Letter jokes
What does a man have 3 of, which a girl only has 2 of?
Legs.
What do we find at the end of every rainbow?
The letter W.
Was drinking in a bar with this girl when I suddenly blacked out. The next morning I received a letter saying they are processing my child benefits application, dafaq? I never had kids.
Why are there 25 letters in the alphabet? Because the D is in U.
Sam is a kindergartener. One day, Sam’s teacher told him to learn the first few letters of the alphabet. Later that night, Sam asked his moody sister what the first letter of the alphabet was, and she replied with “Oh, what’s the point. Life is meaningless...”.

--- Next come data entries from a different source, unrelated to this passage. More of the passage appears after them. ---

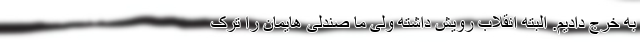
به خرج دادیم. البته انقلاب رویش داشته ولی ما صندلی هایمان را ترک
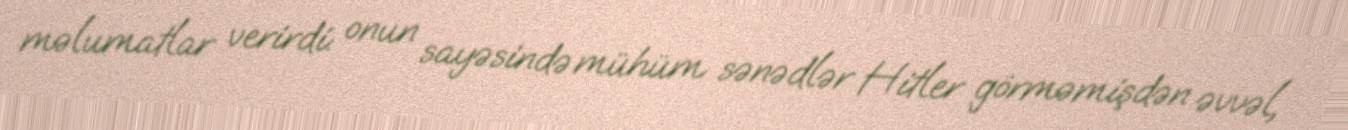
məlumatlar verirdi: onun sayəsində mühüm sənədlər Hitler görməmişdən əvvəl,
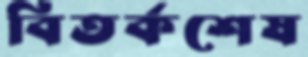
বিতর্কশেষ
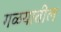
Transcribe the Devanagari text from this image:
गळयातील
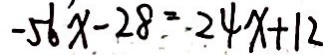
- 5 6 x - 2 8 = 2 4 x + 1 2
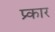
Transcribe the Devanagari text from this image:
प्र्कार
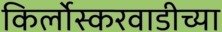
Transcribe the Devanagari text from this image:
किर्लोस्करवाडीच्या
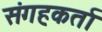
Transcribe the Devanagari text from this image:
संगहकर्ता
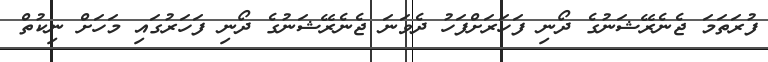
ފުރަތަމަ ޖެނެރޭޝަނުގެ ދޯނި ފަހަރަށްފަހު ދެވަނަ ޖެނެރޭޝަނުގެ ދޯނި ފަހަރުގައި މަހަށް ނިކުތް
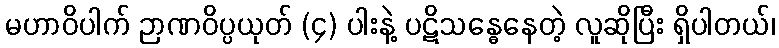
မဟာဝိပါက် ဉာဏဝိပ္ပယုတ် (၄) ပါးနဲ့ ပဋိသန္ဓေနေတဲ့ လူဆိုပြီး ရှိပါတယ်၊
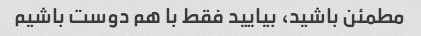
مطمئن باشید، بیایید فقط با هم دوست باشیم
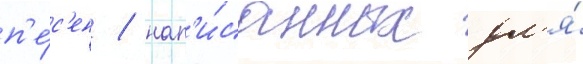
п'е́с'ен / нап'и́санных дл'я́
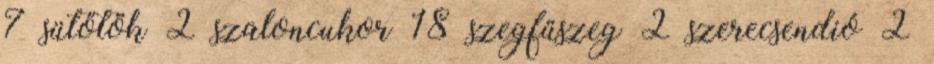
7 sütőtök 2 szaloncukor 18 szegfűszeg 2 szerecsendió 2
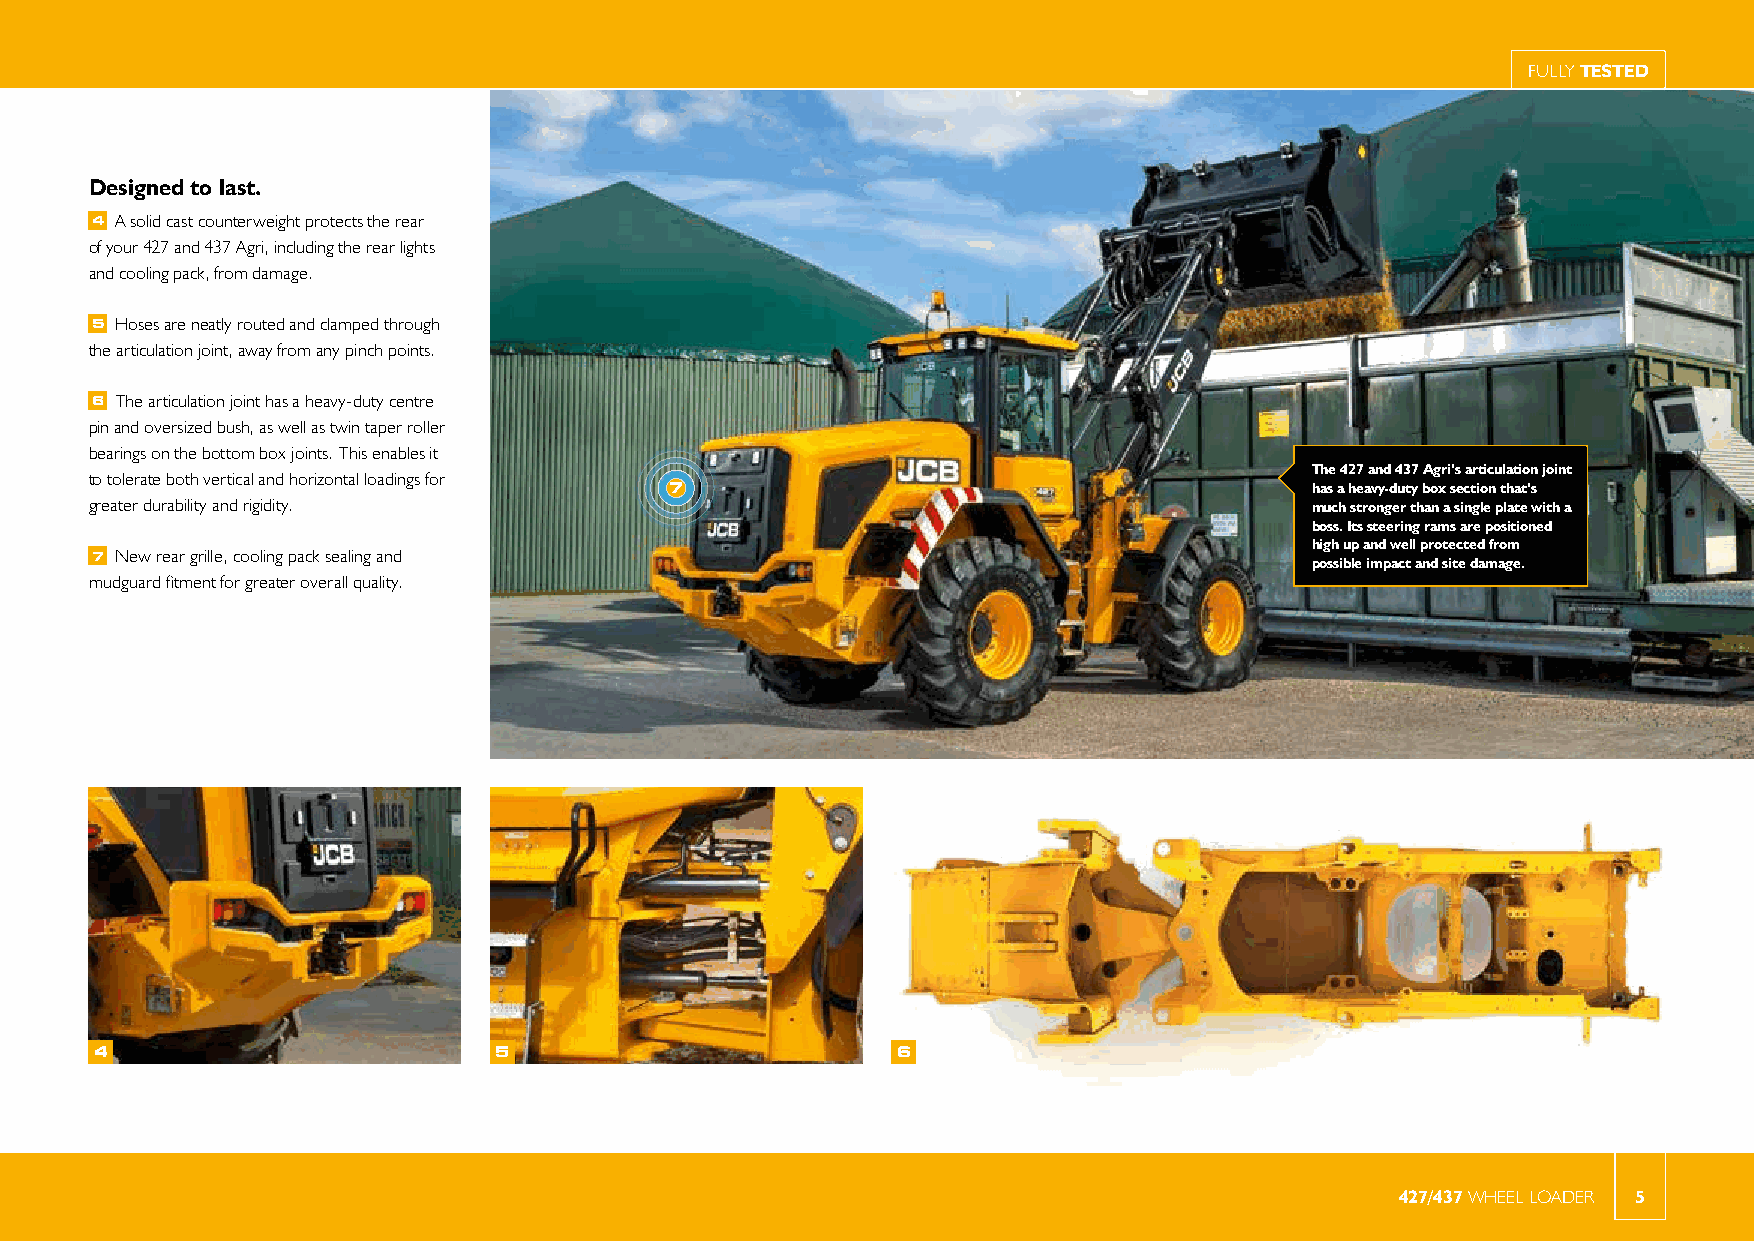
FULLY TESTED
 Designed to last.
 4 A solid cast counterweight protects the rear
 of your 427 and 437 Agri, including the rear lights
 and cooling pack, from damage.
 5 Hoses are neatly routed and clamped through
 the articulation joint, away from any pinch points.
 6 The articulation joint has a heavy-duty centre
 pin and oversized bush, as well as twin taper roller
 bearings on the bottom box joints. This enables it
 The 427 and 437 Agri’s articulation joint
 to tolerate both vertical and horizontal loadings for
 7                                          has a heavy-duty box section that’s
 greater durability and rigidity.                                                 much stronger than a single plate with a
 boss. Its steering rams are positioned
 high up and well protected from
 7 New rear grille, cooling pack sealing and                                      possible impact and site damage.
 mudguard fitment for greater overall quality.
 4                          5                         6
 427/437 WHEEL LOADER 5
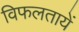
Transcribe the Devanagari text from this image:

Sam then went up to his room and found his brother crying on the floor. Sam asked him what the next letter was. “I hate you!” said Sam’s brother, so Sam left the room. Sam went to his mom and asked her what the third letter was. “You stupid f*****,” his mom yelled at him. So Sam went to ask his Grandpa what the fourth letter is, and his grandpa didn’t reply, so Sam went to bed.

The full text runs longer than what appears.